■ DIRECTIONS FOR THIS TASK ■
In your copy of the records, include every word exactly and no pictures.

■ RECORDS PROVIDED ■
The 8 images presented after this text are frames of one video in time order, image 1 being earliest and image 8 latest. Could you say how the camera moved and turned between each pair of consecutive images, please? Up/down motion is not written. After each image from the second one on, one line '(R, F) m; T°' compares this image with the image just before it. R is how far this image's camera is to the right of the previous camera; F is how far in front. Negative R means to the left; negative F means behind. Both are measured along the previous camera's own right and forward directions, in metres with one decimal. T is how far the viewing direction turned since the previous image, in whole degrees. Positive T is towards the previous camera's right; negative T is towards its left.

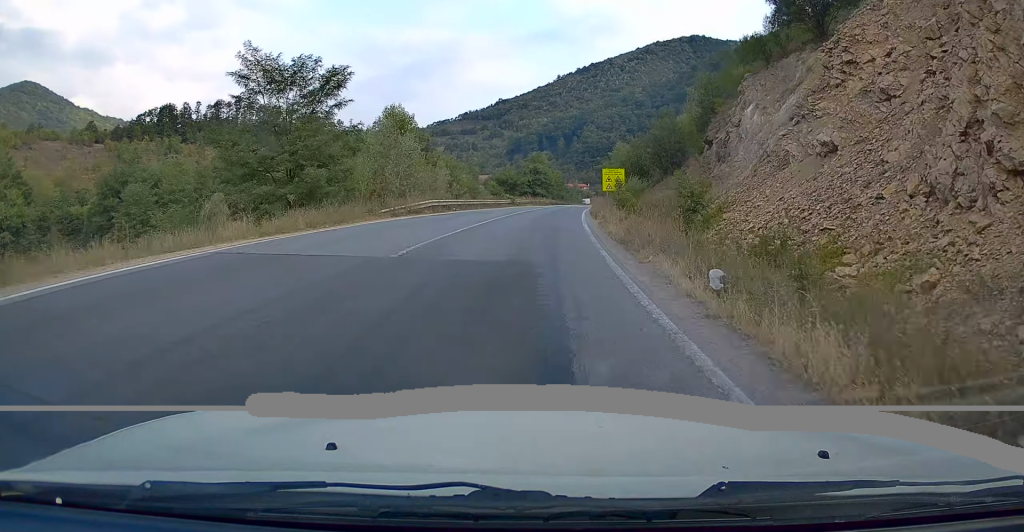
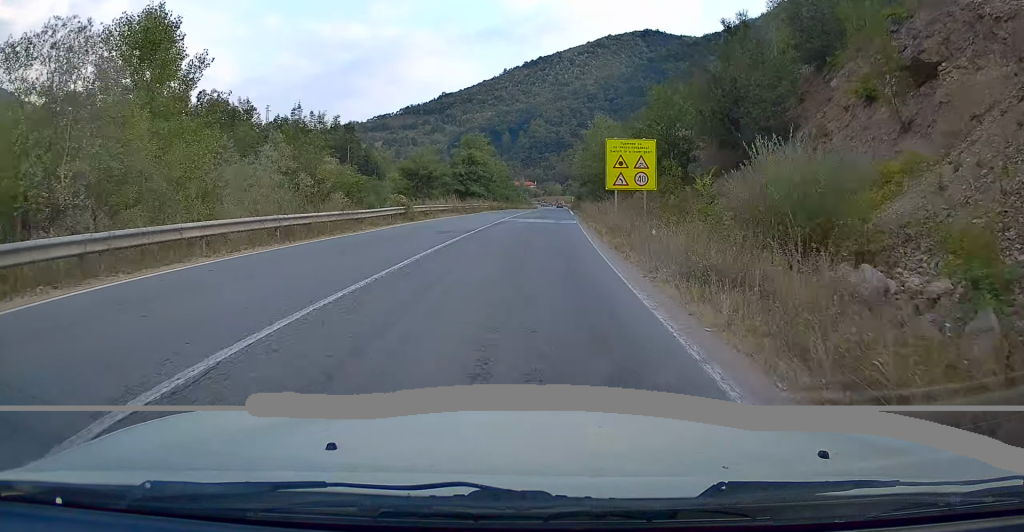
(+2.3, +34.8) m; +6°
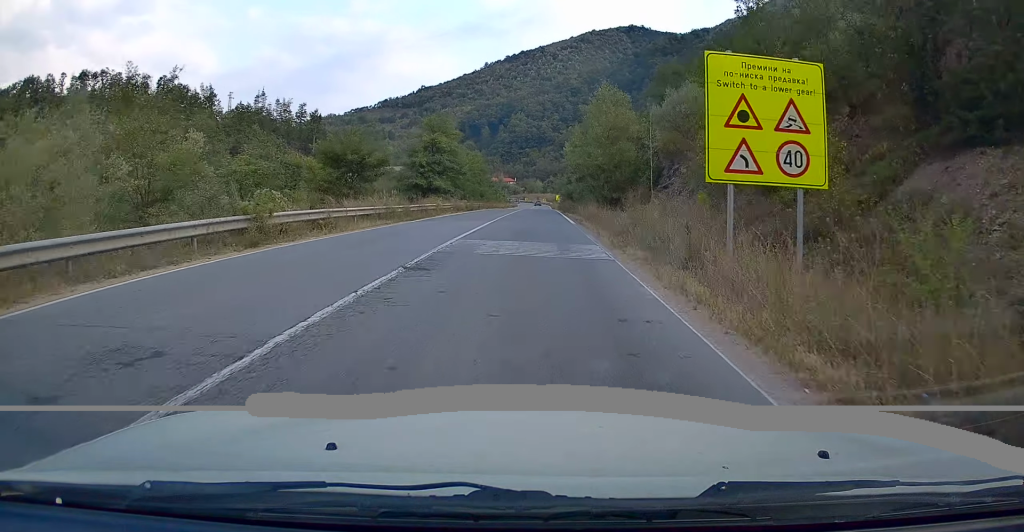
(+0.3, +16.5) m; +2°
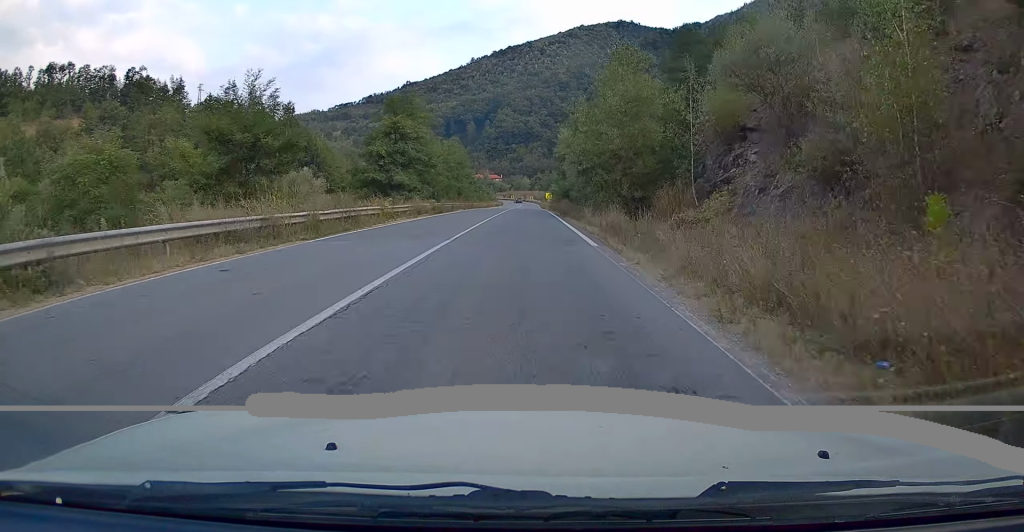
(+0.1, +12.8) m; +1°
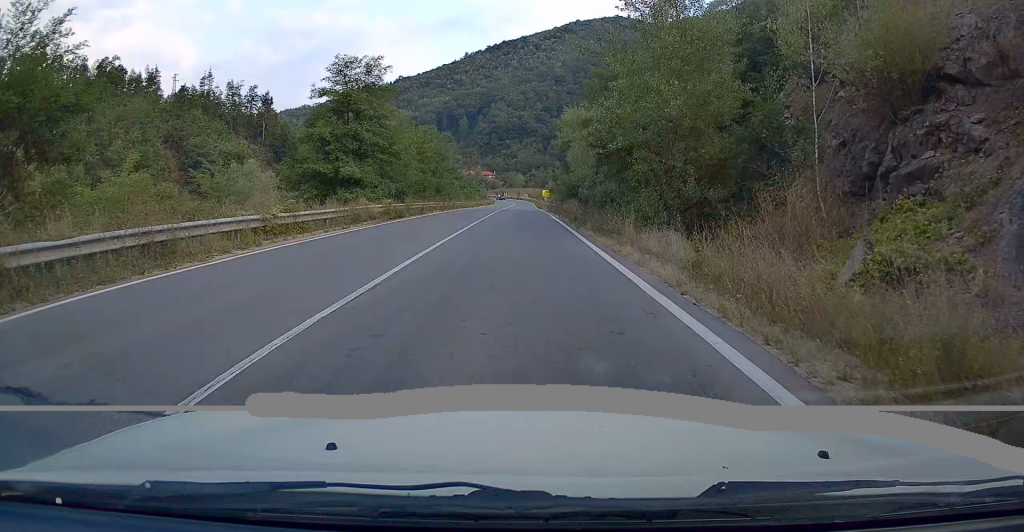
(+0.1, +12.8) m; +1°
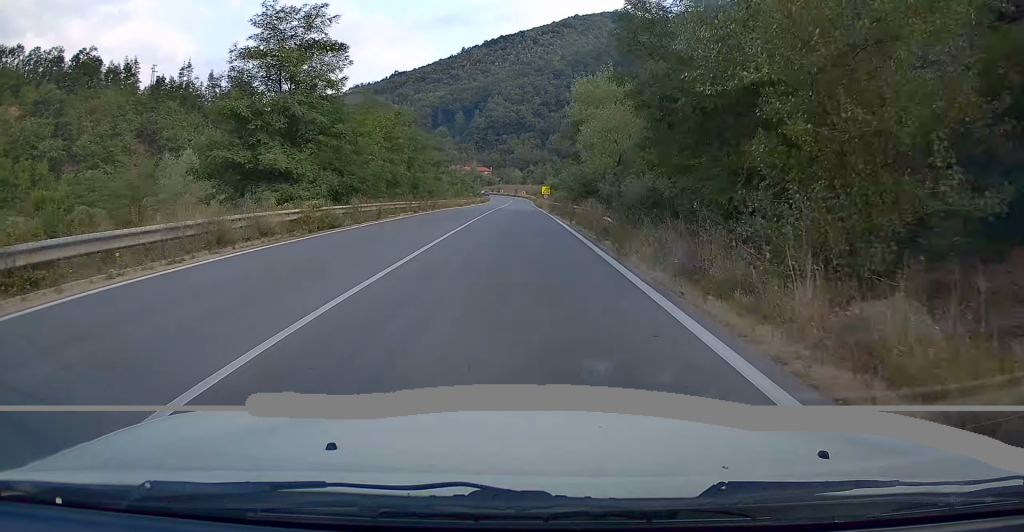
(0.0, +11.0) m; +1°
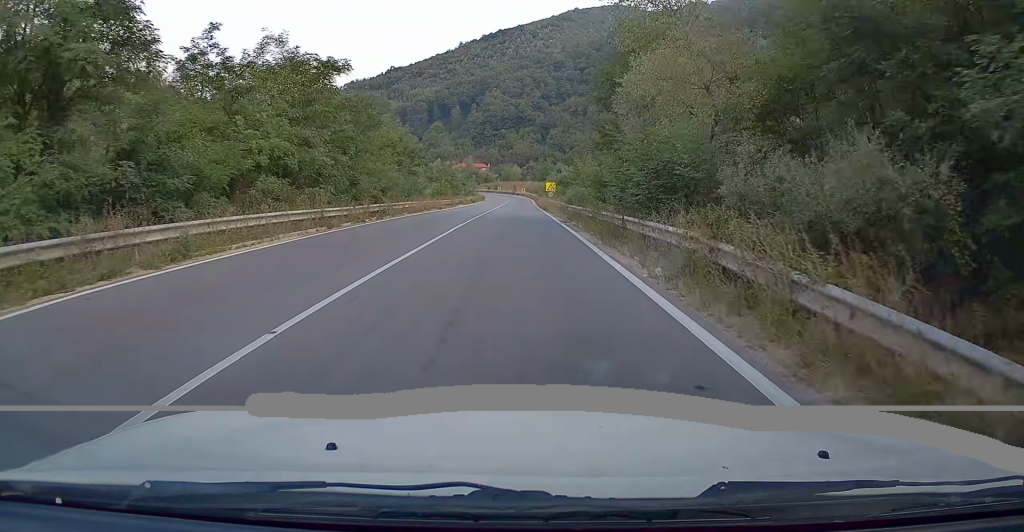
(+0.1, +16.6) m; +1°
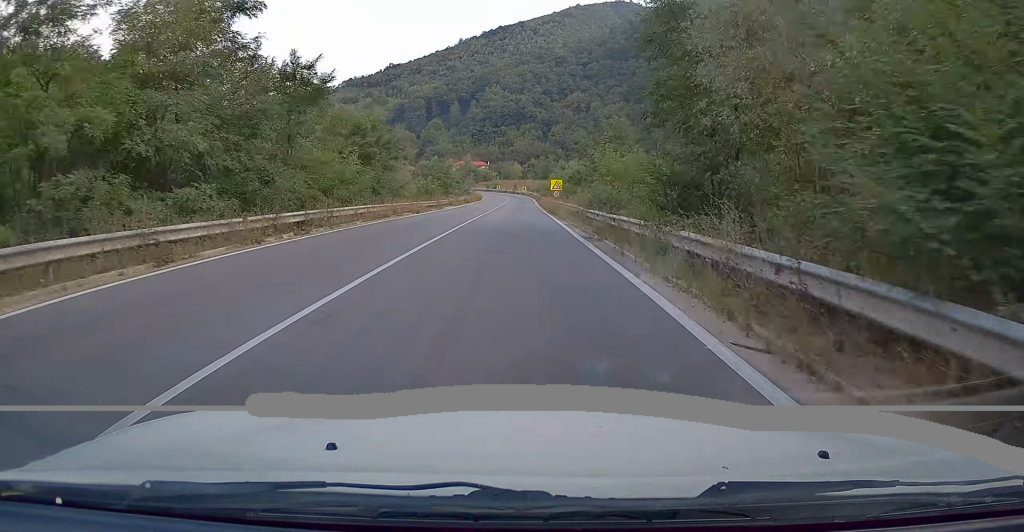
(0.0, +10.5) m; 0°

■ WORKED SOLUTION ■
The 8 images presented after this text are frames of one video in time order, image 1 being earliest and image 8 latest. Could you say how the camera moved and turned between each pair of consecutive images, please? Up/down motion is not written. After each image from the second one on, one line '(R, F) m; T°' compares this image with the image just before it. R is how far this image's camera is to the right of the previous camera; F is how far in front. Negative R means to the left; negative F means behind. Both are measured along the previous camera's own right and forward directions, in metres with one decimal. T is how far the viewing direction turned since the previous image, in whole degrees. Positive T is towards the previous camera's right; negative T is towards its left.

(+2.3, +34.8) m; +6°
(+0.3, +16.5) m; +2°
(+0.1, +12.8) m; +1°
(+0.1, +12.8) m; +1°
(0.0, +11.0) m; +1°
(+0.1, +16.6) m; +1°
(0.0, +10.5) m; 0°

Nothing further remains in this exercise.